------ DATA RECORDS ------

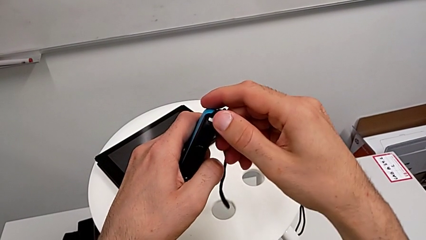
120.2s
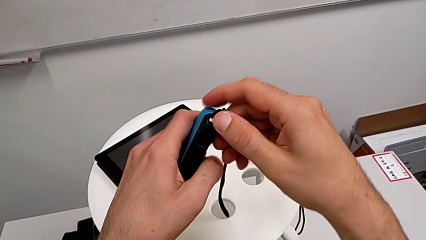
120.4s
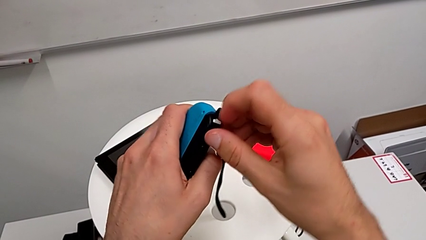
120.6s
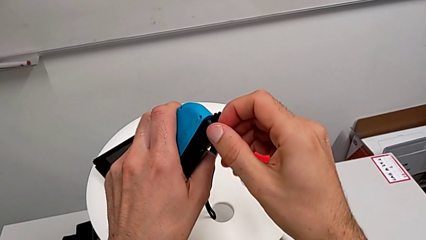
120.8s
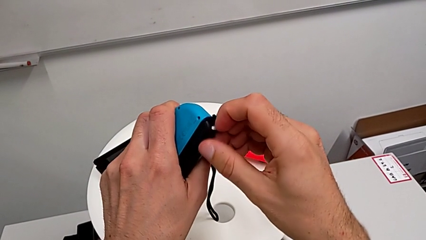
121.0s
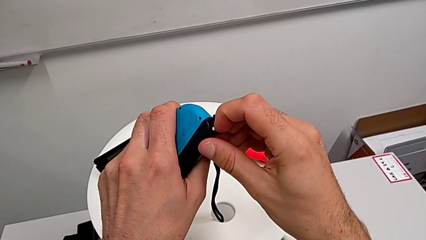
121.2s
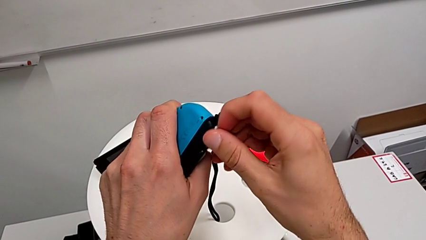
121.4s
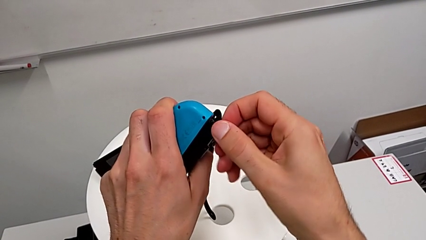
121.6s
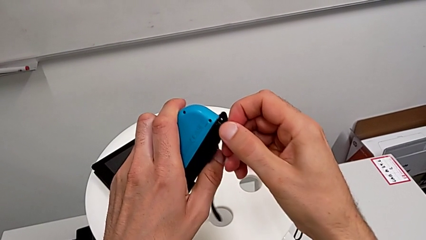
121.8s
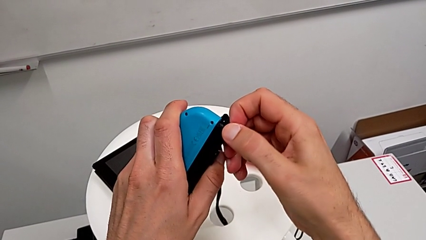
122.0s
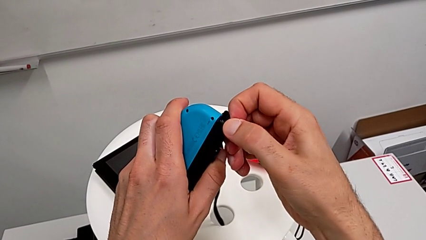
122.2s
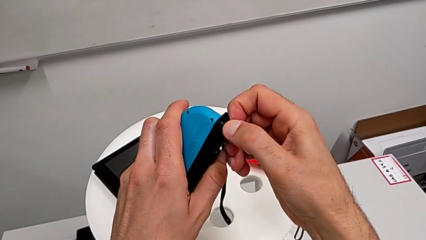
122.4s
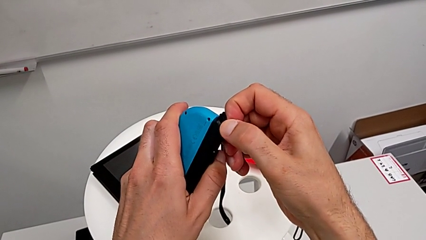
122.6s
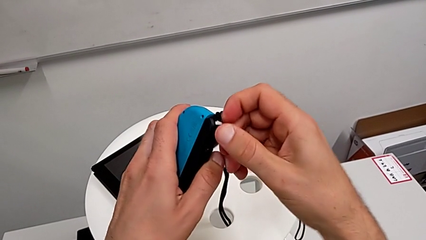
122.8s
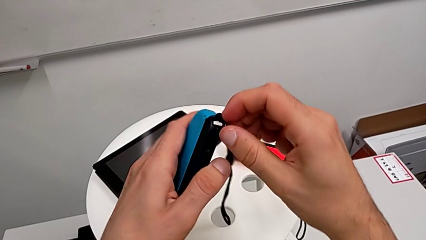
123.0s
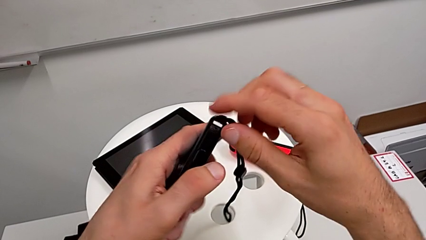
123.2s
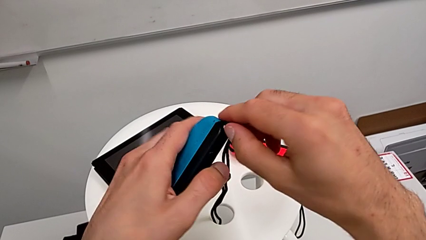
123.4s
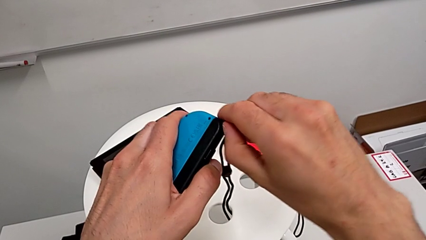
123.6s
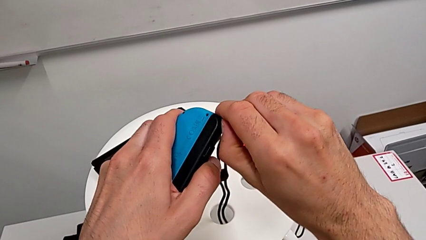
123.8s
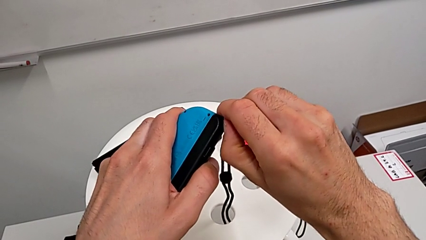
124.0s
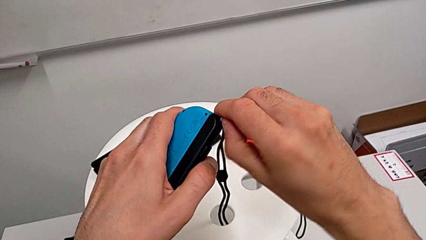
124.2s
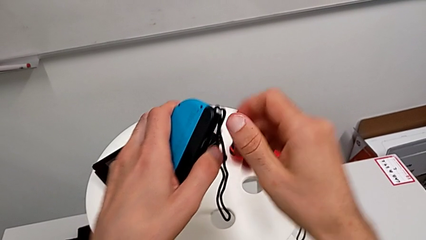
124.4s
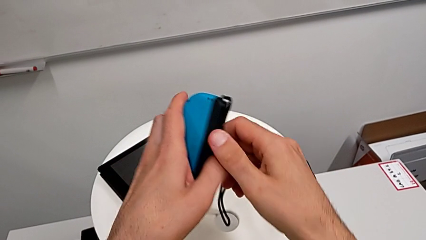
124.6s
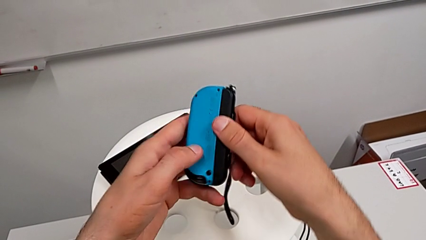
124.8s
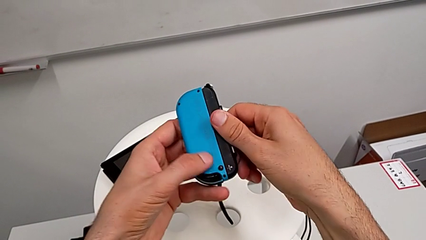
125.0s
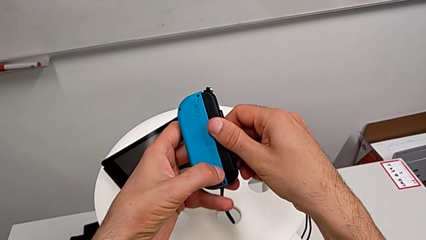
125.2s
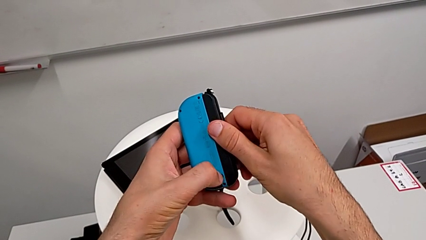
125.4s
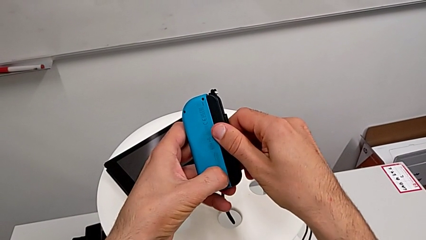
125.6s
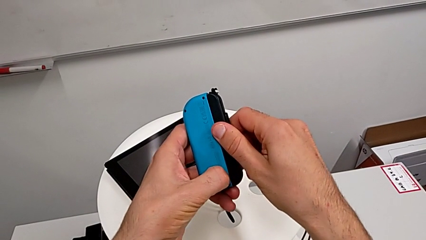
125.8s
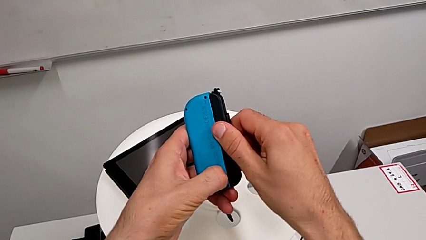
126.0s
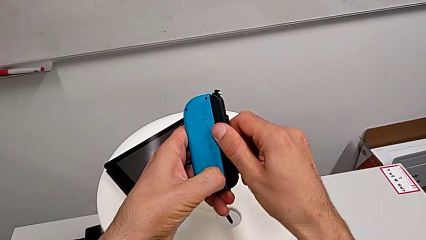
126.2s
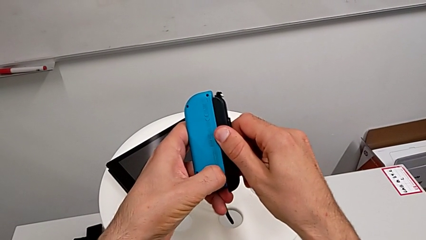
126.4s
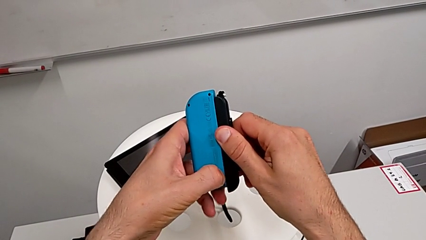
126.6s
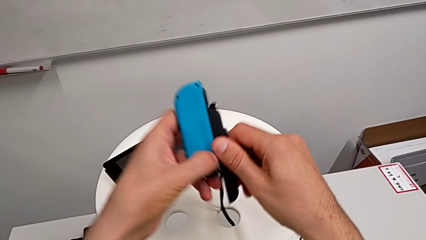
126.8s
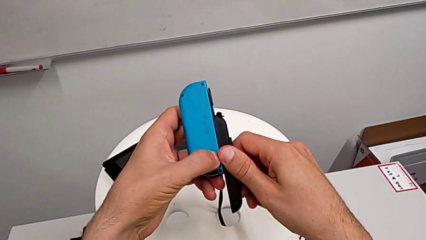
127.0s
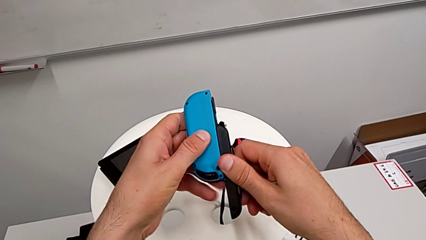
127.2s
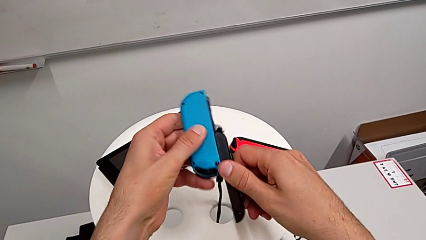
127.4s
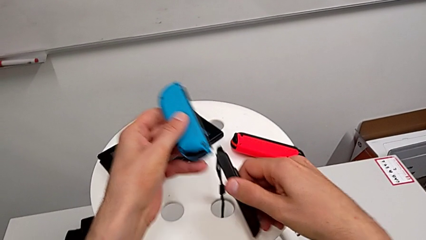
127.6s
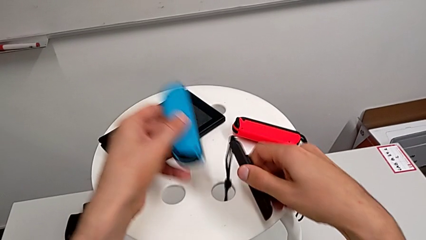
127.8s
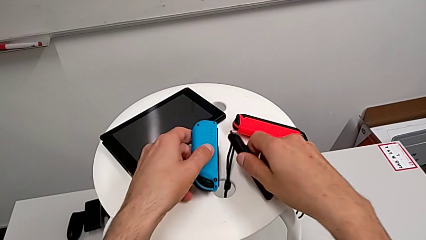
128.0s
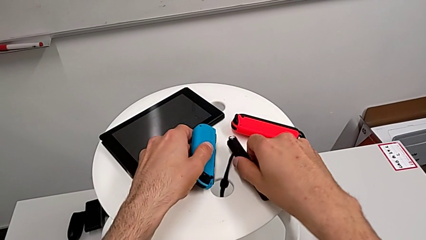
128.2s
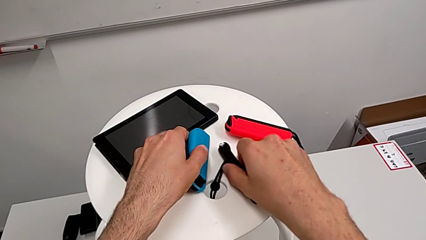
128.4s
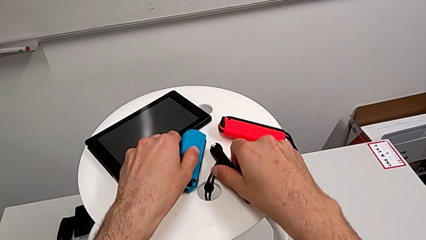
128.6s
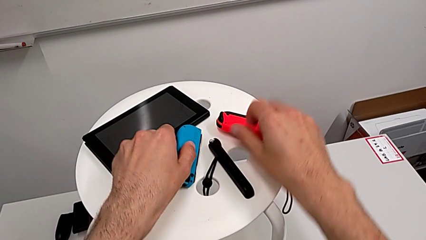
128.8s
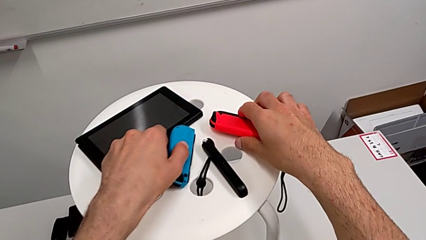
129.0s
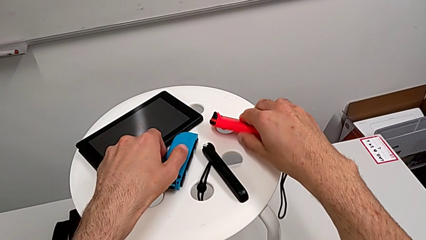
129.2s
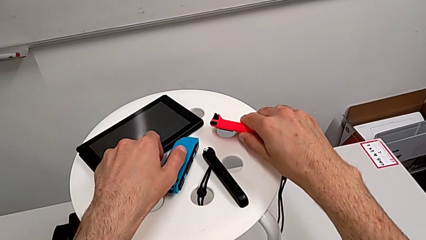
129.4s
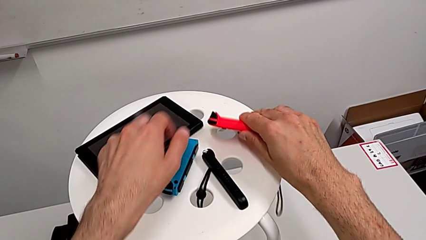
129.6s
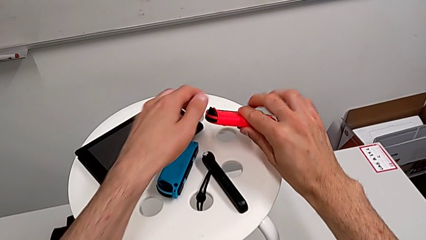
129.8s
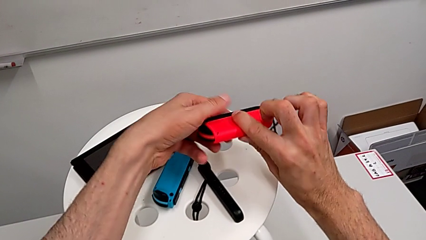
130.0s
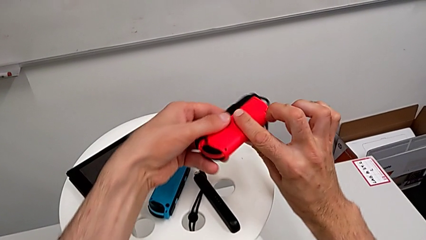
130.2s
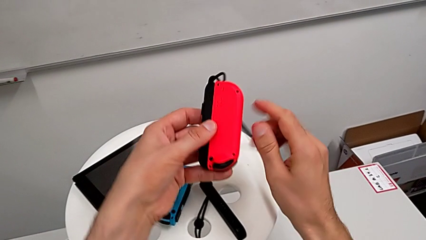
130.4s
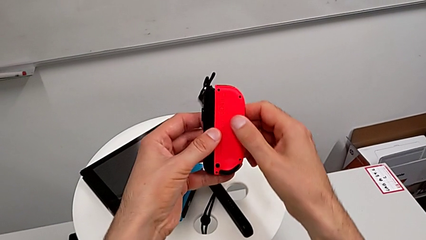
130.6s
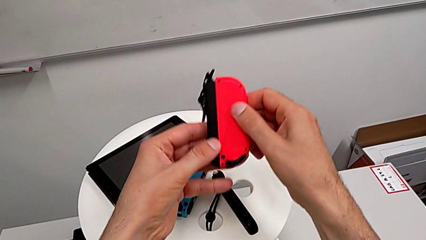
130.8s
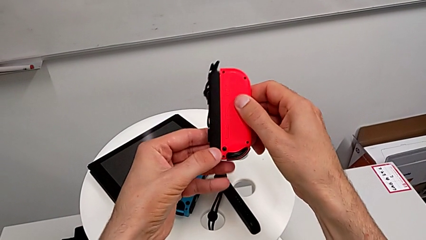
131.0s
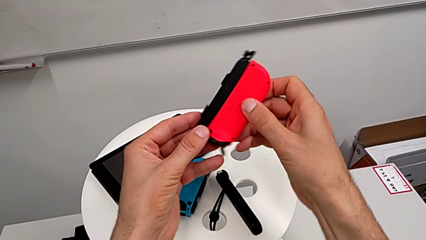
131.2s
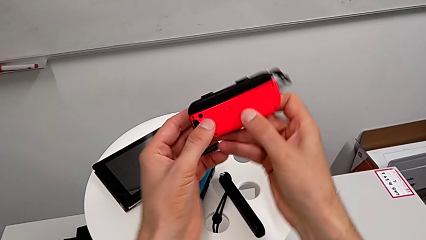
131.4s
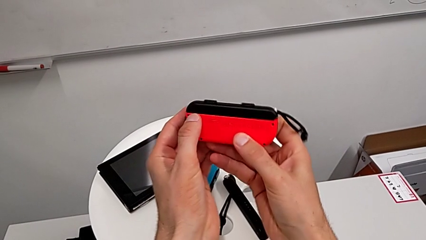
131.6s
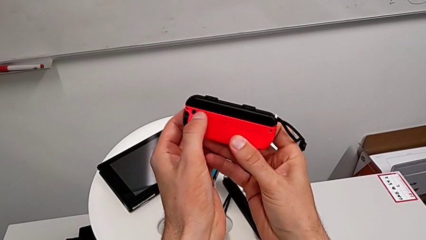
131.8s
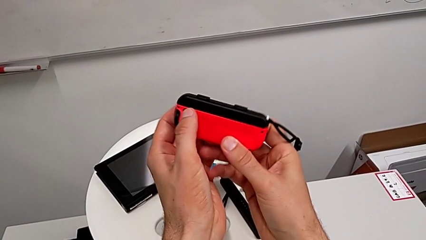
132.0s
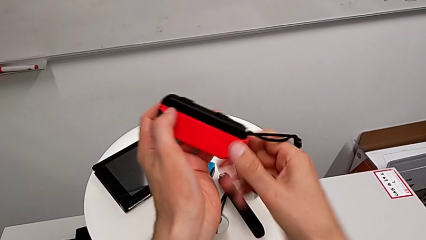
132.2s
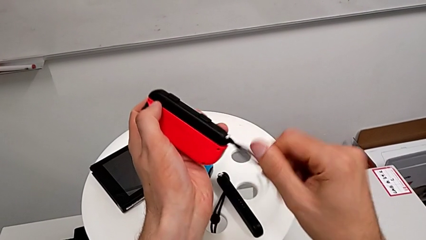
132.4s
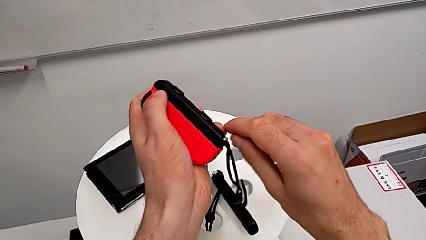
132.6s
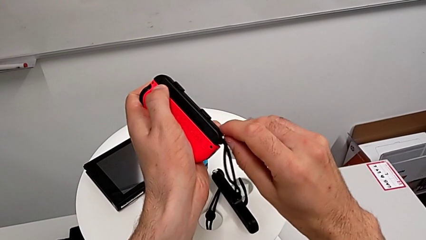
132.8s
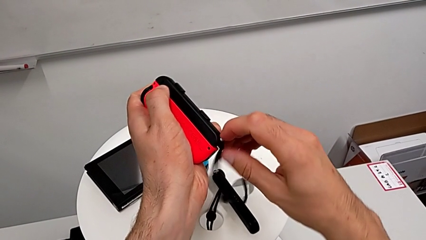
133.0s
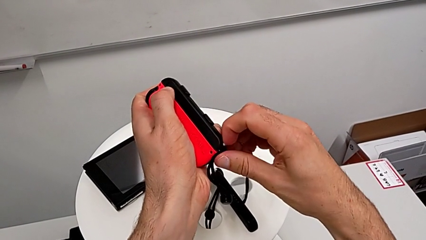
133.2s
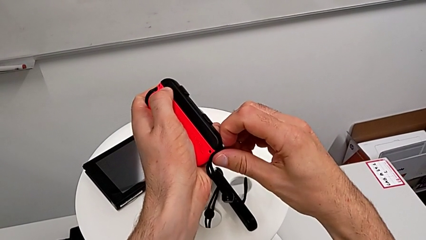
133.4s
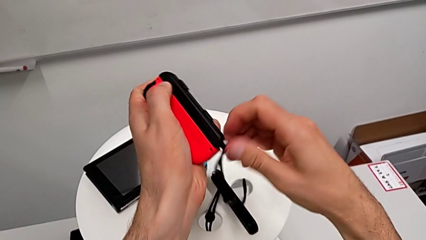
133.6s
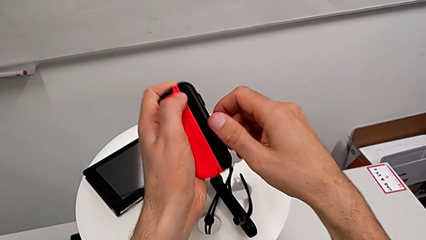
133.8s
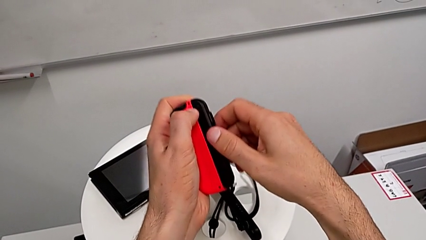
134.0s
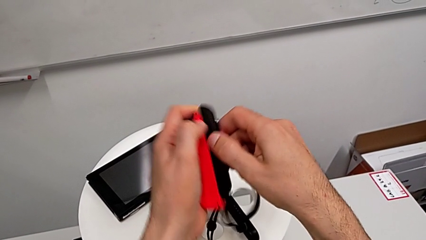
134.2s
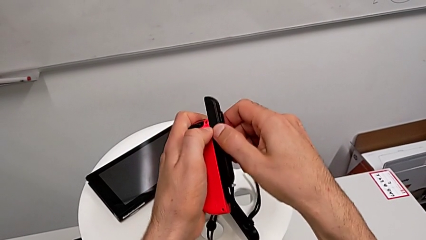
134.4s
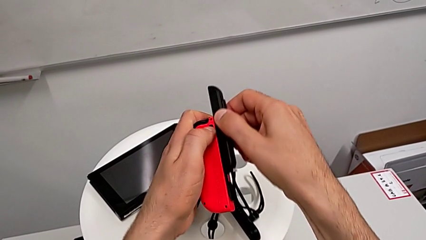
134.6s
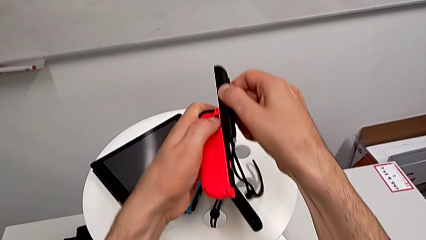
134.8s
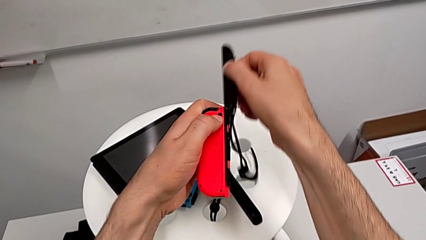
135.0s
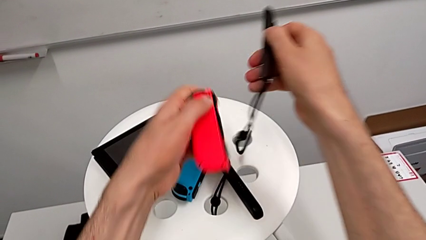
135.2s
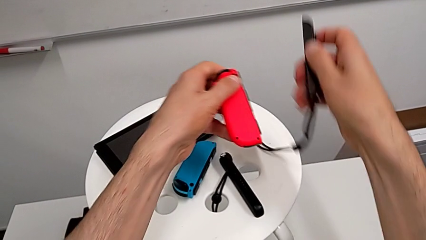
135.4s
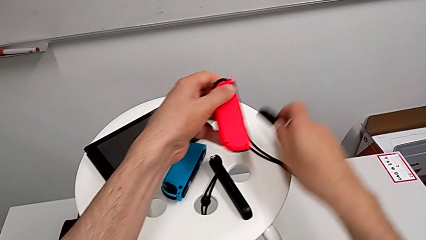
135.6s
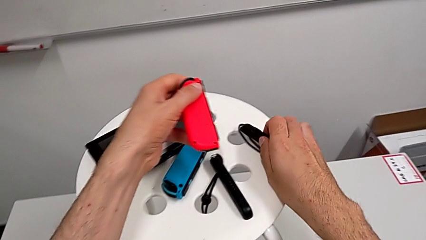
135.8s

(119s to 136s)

------

[WHAT YOU HAVE TO DO]
Restate the data above exactly, stripping out each image.

[YOUR SOLUTION]
120.2s
120.4s
120.6s
120.8s
121.0s
121.2s
121.4s
121.6s
121.8s
122.0s
122.2s
122.4s
122.6s
122.8s
123.0s
123.2s
123.4s
123.6s
123.8s
124.0s
124.2s
124.4s
124.6s
124.8s
125.0s
125.2s
125.4s
125.6s
125.8s
126.0s
126.2s
126.4s
126.6s
126.8s
127.0s
127.2s
127.4s
127.6s
127.8s
128.0s
128.2s
128.4s
128.6s
128.8s
129.0s
129.2s
129.4s
129.6s
129.8s
130.0s
130.2s
130.4s
130.6s
130.8s
131.0s
131.2s
131.4s
131.6s
131.8s
132.0s
132.2s
132.4s
132.6s
132.8s
133.0s
133.2s
133.4s
133.6s
133.8s
134.0s
134.2s
134.4s
134.6s
134.8s
135.0s
135.2s
135.4s
135.6s
135.8s

(119s to 136s)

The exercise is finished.